Pengembang Rumah Subsidi Dituntut Kualitas
SURABAYA – Kebijakan penyederhanaan perizinan pembangunan rumah masyarakat berpenghasilan rendah (MBR) dinilai pengembang tidak sejalan dengan regulasi baru yang juga dikeluarkan. Peraturan baru tersebut terutama menuntut pengembang rumah subsidi untuk meningkatkan kualitas bangunan.
Ketua Asosiasi Perumahan dan Permukiman Seluruh Indonesia (Apersi) Jatim Soepratno menyatakan, tahun ini pengembang rumah subsidi diwajibkan menggunakan bahan bangunan besi berdiameter 10 mm. Sebelumnya, pengembang masih bisa menggunakan besi dengan diameter 6 mm dan 8 mm.
’’Kami sempat khawatir karena ada rumah produksi 2017 yang proses realisasi bank mundur menjadi tahun ini,’’ ujarnya kemarin. Namun, pengembang yang mengalami hal itu diberi kelonggaran dengan tidak mengikuti aturan terbaru soal pemakaian besi. Syaratnya menandatangani surat pernyataan tentang kualitas bangunan rumah.
Berdasar kalkulasi pengembang MBR, selisih harga pemakaian besi diameter 10 mm masih sesuai dengan harga jual rumah yang dipatok pemerintah. ’’Sebenarnya, kalau pakai besi dengan diameter di bawah itu, masih bisa. Karena rumah subsidi ini memiliki konsep rumah tumbuh,’’ ungkapnya. Namun, hal itu juga berpengaruh terhadap keuntungan yang didapat pengembang.
Karena itu, dia meminta pemerintah bisa menyesuaikan harga rumah lima tahun mendatang mulai 2019. Sebagaimana diketahui, kebijakan harga rumah subsidi lima tahun lalu berakhir pada 2018. Dengan demikian, pemerintah harus menyusun regulasi baru.

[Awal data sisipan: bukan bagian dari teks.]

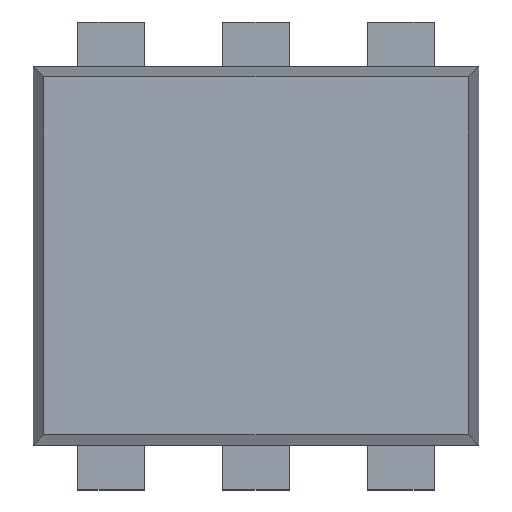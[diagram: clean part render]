
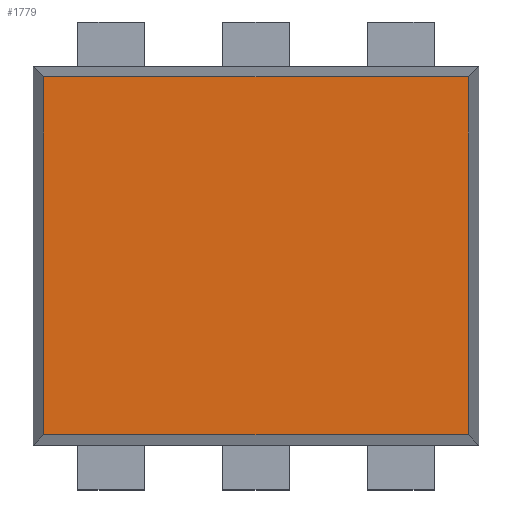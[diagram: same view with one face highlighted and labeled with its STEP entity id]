
A CAD part, top view. The second image highlights one B-rep face of the part: STEP entity #1779.
In plain terms, the highlighted planar face has unit normal (0, 0, 1).
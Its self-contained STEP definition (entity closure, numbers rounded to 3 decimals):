
#77 = CARTESIAN_POINT ( 'NONE',  ( 0.953, 0.85, 0.7 ) ) ;
#79 = DIRECTION ( 'NONE',  ( 0., -1., 0. ) ) ;
#89 = DIRECTION ( 'NONE',  ( 0., 1., 0. ) ) ;
#387 = ORIENTED_EDGE ( 'NONE', *, *, #2191, .T. ) ;
#632 = ORIENTED_EDGE ( 'NONE', *, *, #2045, .T. ) ;
#704 = CARTESIAN_POINT ( 'NONE',  ( -0.953, 0.803, 0.7 ) ) ;
#741 = CARTESIAN_POINT ( 'NONE',  ( 1., -0.803, 0.7 ) ) ;
#761 = DIRECTION ( 'NONE',  ( 1., 0., 0. ) ) ;
#808 = VERTEX_POINT ( 'NONE', #2383 ) ;
#848 = AXIS2_PLACEMENT_3D ( 'NONE', #2382, #2165, #2147 ) ;
#870 = EDGE_LOOP ( 'NONE', ( #387, #632, #1026, #1426 ) ) ;
#1026 = ORIENTED_EDGE ( 'NONE', *, *, #1765, .T. ) ;
#1143 = LINE ( 'NONE', #77, #1916 ) ;
#1180 = CARTESIAN_POINT ( 'NONE',  ( 0.953, 0.803, 0.7 ) ) ;
#1198 = VERTEX_POINT ( 'NONE', #1180 ) ;
#1260 = VERTEX_POINT ( 'NONE', #704 ) ;
#1426 = ORIENTED_EDGE ( 'NONE', *, *, #1885, .T. ) ;
#1637 = VERTEX_POINT ( 'NONE', #1960 ) ;
#1765 = EDGE_CURVE ( 'NONE', #1260, #808, #2220, .T. ) ;
#1779 = ADVANCED_FACE ( 'NONE', ( #2225 ), #2183, .T. ) ;
#1885 = EDGE_CURVE ( 'NONE', #808, #1637, #2341, .T. ) ;
#1916 = VECTOR ( 'NONE', #89, 1000. ) ;
#1960 = CARTESIAN_POINT ( 'NONE',  ( 0.953, -0.803, 0.7 ) ) ;
#1969 = CARTESIAN_POINT ( 'NONE',  ( -1., 0.803, 0.7 ) ) ;
#1981 = DIRECTION ( 'NONE',  ( -1., 0., 0. ) ) ;
#2045 = EDGE_CURVE ( 'NONE', #1198, #1260, #2200, .T. ) ;
#2147 = DIRECTION ( 'NONE',  ( 1., 0., 0. ) ) ;
#2165 = DIRECTION ( 'NONE',  ( 0., 0., 1. ) ) ;
#2183 = PLANE ( 'NONE',  #848 ) ;
#2191 = EDGE_CURVE ( 'NONE', #1637, #1198, #1143, .T. ) ;
#2200 = LINE ( 'NONE', #1969, #2207 ) ;
#2207 = VECTOR ( 'NONE', #1981, 1000. ) ;
#2220 = LINE ( 'NONE', #2400, #2249 ) ;
#2225 = FACE_OUTER_BOUND ( 'NONE', #870, .T. ) ;
#2249 = VECTOR ( 'NONE', #79, 1000. ) ;
#2341 = LINE ( 'NONE', #741, #2421 ) ;
#2382 = CARTESIAN_POINT ( 'NONE',  ( 0., 0., 0.7 ) ) ;
#2383 = CARTESIAN_POINT ( 'NONE',  ( -0.953, -0.803, 0.7 ) ) ;
#2400 = CARTESIAN_POINT ( 'NONE',  ( -0.953, -0.85, 0.7 ) ) ;
#2421 = VECTOR ( 'NONE', #761, 1000. ) ;
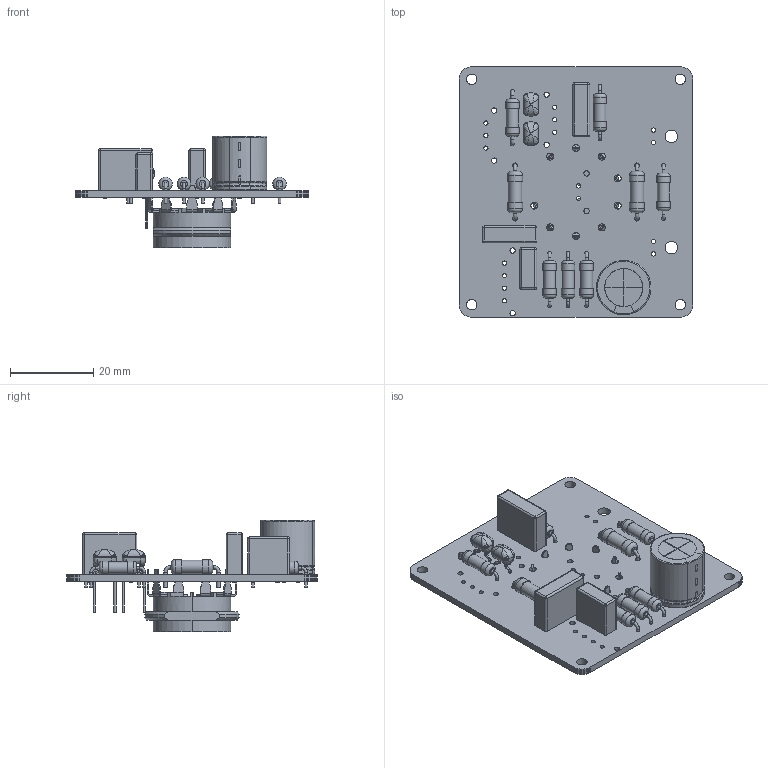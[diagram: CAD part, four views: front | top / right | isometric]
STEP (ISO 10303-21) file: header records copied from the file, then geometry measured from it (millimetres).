
FILE_DESCRIPTION(('KiCad electronic assembly'),'2;1');
FILE_NAME('Gain1Module.step','2024-07-17T22:36:48',('Pcbnew'),('Kicad'), 'Open CASCADE STEP processor 7.7','KiCad to STEP converter','Unknown' );
FILE_SCHEMA(('AUTOMOTIVE_DESIGN { 1 0 10303 214 1 1 1 1 }'));
Length unit declared in the file: millimetre
Products named in the file (16): Gain1Module 1; FG26C0G2J102JNT06; FG26X7S2A225KRT06; C_Rect_L13.0mm_W4.0mm_P10.00mm_FKS3_FKP3_MKS4; C_Rect_L130mm_W40mm_P1000mm_FKS3_FKP3_MKS4; R_Axial_DIN0411_L9.9mm_D3.6mm_P12.70mm_Horizontal; R_Axial_DIN0411_L99mm_D36mm_P1270mm_Horizontal; R_Axial_DIN0309_L9.0mm_D3.2mm_P12.70mm_Horizontal; R_Axial_DIN0309_L90mm_D32mm_P1270mm_Horizontal; CP_Radial_D13.0mm_P5.00mm; CP_Radial_D130mm_P500mm; C_Rect_L10.0mm_W4.0mm_P7.50mm_MKS4; C_Rect_L100mm_W40mm_P750mm_MKS4; VT9-PT--3DModel-STEP-56544; VT9-PT; Gain1Module PCB
Assembly tree (23 placements, depth 3):
  Gain1Module 1
    FG26C0G2J102JNT06  x2
      FG26X7S2A225KRT06
    C_Rect_L13.0mm_W4.0mm_P10.00mm_FKS3_FKP3_MKS4  x2
      C_Rect_L130mm_W40mm_P1000mm_FKS3_FKP3_MKS4
    R_Axial_DIN0411_L9.9mm_D3.6mm_P12.70mm_Horizontal  x2
      R_Axial_DIN0411_L99mm_D36mm_P1270mm_Horizontal
    R_Axial_DIN0309_L9.0mm_D3.2mm_P12.70mm_Horizontal  x6
      R_Axial_DIN0309_L90mm_D32mm_P1270mm_Horizontal
    CP_Radial_D13.0mm_P5.00mm
      CP_Radial_D130mm_P500mm
    C_Rect_L10.0mm_W4.0mm_P7.50mm_MKS4
      C_Rect_L100mm_W40mm_P750mm_MKS4
    VT9-PT--3DModel-STEP-56544
      VT9-PT
    Gain1Module PCB
Bounding box: 56 x 60 x 26.7 mm (x, y, z)
Volume: 11266.1 mm3; surface area: 13696.7 mm2
Topology: 29 solids, 30 shells, 926 faces, 2288 edges, 1439 vertices
Faces by surface type: plane 399, cylinder 354, bspline 78, torus 74, sphere 12, revolution 5, cone 4
Full cylindrical faces by diameter (mm): 0.7 x30, 0.8 x24, 0.9 x2, 1 x6, 1.02 x16, 1.2 x6, 1.27 x8, 1.69 x9, 2.5 x4, 2.88 x6, 3 x2, 3.2 x12, 3.24 x2, 3.6 x4
Entity records: 57383 total; most frequent: CARTESIAN_POINT 19142, DIRECTION 6849, LINE 4009, VECTOR 4009, ORIENTED_EDGE 3714, PCURVE 3714, DEFINITIONAL_REPRESENTATION 3714, EDGE_CURVE 1857

’’Di beberapa daerah, patokan harga rumah subsidi sudah tidak relevan. Harapan kami, pemerintah memperhitungkan itu,’’ jelasnya. Meski begitu, ada beberapa regulasi juga yang dinilai menguntungkan pengembang. Yakni, pembebasan PPN 10 persen dan pemangkasan PPh final dari 2,5 persen menjadi 1 persen.